It was no easy task that Paul and his fellow apostles had to discharge. They were exposed day by day to slander, persecution, destitution, danger and death. But the Corinthian Christians in their own eyes had “arrived”; they lived as though they had already entered fully into the coming glory. Paul spoke ironically, not to make them feel ashamed, but to show them the best path to follow. He was the only one among their teachers who had a father’s affection for them; they were his children in Christ. Let the children follow their father’s example. He would soon visit them in person; for the present, he would send Timothy to see them. When he himself would come, he would discover what substance there is in those who boast so loudly of their attainments and belittle his authority. It would depend on his readers whether his visit would be a happy occasion, or whether he would have to use a big stick (4:8-21).

The letter which was almost finished is resumed in ch. 5 as Paul dealt with the reports just received from Stephanas and his companions. First of all, there was a case of incest in the church which might have shocked even the tolerant society of Corinth: a man was living with his father’s wife. (Whether his father was still alive or not is uncertain, but it does not affect the issue materially.) Worse than that, some members of the church actually regarded this illicit union as a fine assertion of Christian liberty, something to take pride in. Paul did not stay to argue that this state of affairs was intolerable; he ordered them to expel the offender from their fellowship at once. Let a church meeting be held and sentence of excommunication pronounced; Paul, who had already passed this judgment on the man, would be with them in spirit, concurring in the sentence. The terms of the sentence, “to deliver this man to Satan for the destruction of the flesh,” imply not merely excommunication but bodily affliction, perhaps even death—both for the vindication of the church’s good name and for the offender’s ultimate benefit: “that his spirit may be saved in the day of the Lord Jesus” (v. 5). If conduct of this kind were tolerated in the church, it would corrupt the whole fellowship as surely as a little leaven ferments the whole batch of dough. The mention of leaven reminded Paul of the festival of unleavened bread, which followed the Passover; this served as an illustration of the moral purification which should be carried out in those for whom Christ had died as the true passover Lamb (5:1-8).

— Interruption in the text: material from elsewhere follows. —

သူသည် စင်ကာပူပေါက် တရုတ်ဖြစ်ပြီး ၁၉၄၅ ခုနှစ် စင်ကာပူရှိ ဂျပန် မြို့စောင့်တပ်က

When in a previous letter he told them not to associate with immoral people, he did not have pagans in mind (to avoid association with them in Corinth would involve emigration); he meant that such people must find no place within the Christian brotherhood. It is noteworthy that here as elsewhere Paul coupled greed with immorality and idolatry as a major sin meriting expulsion from the fellowship (5:9-13).

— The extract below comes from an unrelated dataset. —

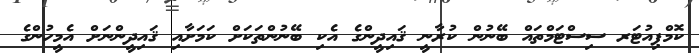
ކޮމްޕިއުޓަރ ސިސްޓަމްތައް ބޭނުން ކުރާނީ ޤައިދީންގެ އެކި ބޭނުންތަކަށް ކަމަށާއި ޤައިދީންނަށް އެމީހުންގެ
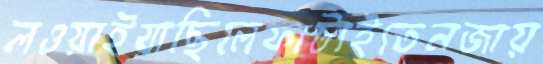
লওয়াইয়াছিলেফাটাইতেনজায়

The news that some Christians at Corinth were prosecuting others in pagan law courts was shocking in Paul’s eyes. If they must have justice done, why not do as the Jews did and submit their disputes to arbitration within their own community? That would be better than laying them before men who had no status in the church. It would, however, be better still to follow their Lord’s example and endure injustice uncomplainingly. If, as Daniel 7:22 foretells, “the saints of the Most High” will one day share in executing the last judgment, are they unable to adjudicate in their own internal affairs here and now? They should be ashamed of themselves (1 Cor 6:1-8).

Addressing himself more generally to those who thought that the Gospel emancipated them from the restraints of ordinary morality, Paul insisted that there is no place in the kingdom of God for wicked people. Some of the Corinthian believers had once lived wicked lives, but they had been cleansed by Christ. They might say “All things are lawful for me,” or “Food is meant for the stomach and the stomach for food,” as though their physical life was religiously neutral. But the body as well as the spirit had been redeemed by Christ; therefore God should be glorified in their bodily conduct. That the believer’s body, a sanctuary of the Holy Spirit, should become “one flesh” with a harlot was a logical and ethical monstrosity (6:9-20).

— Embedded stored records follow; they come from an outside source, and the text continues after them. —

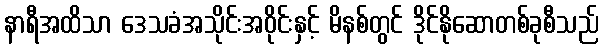
နာရီအထိသာ ဒေသခံအသိုင်းအဝိုင်းနှင့် မိနစ်တွင် ဒိုင်နိုဆောတစ်ခုစီသည်
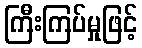
ကြီးကြပ်မှုဖြင့်
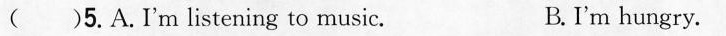
( )5.A.I'm listening to music. B. I'm hungry.
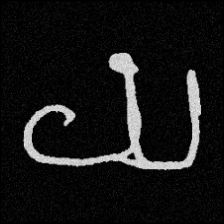
Pyu character \u2014 Myanmar letter: ယ (romanized: ya)

Turning now to the questions raised in the Corinthians’ letter, Paul dealt first with marriage and divorce. At the other extreme from the libertines addressed in the preceding paragraph were those who thought it best “for a man not to touch a woman” (7:1). Paul could agree for himself, since he found celibacy a congenial way of life, but as a practical man he recognized that marriage—strictly monogamous marriage—was the norm for Christians, and that there should be a mutual willingness between husband and wife to grant each other the rights and privileges of the conjugal state. Paul was far from sharing the foolish notion of some later Christian ascetics that sex as such is undesirable. If unmarried people and widows can without difficulty remain so, good and well; otherwise, let them marry (7:29).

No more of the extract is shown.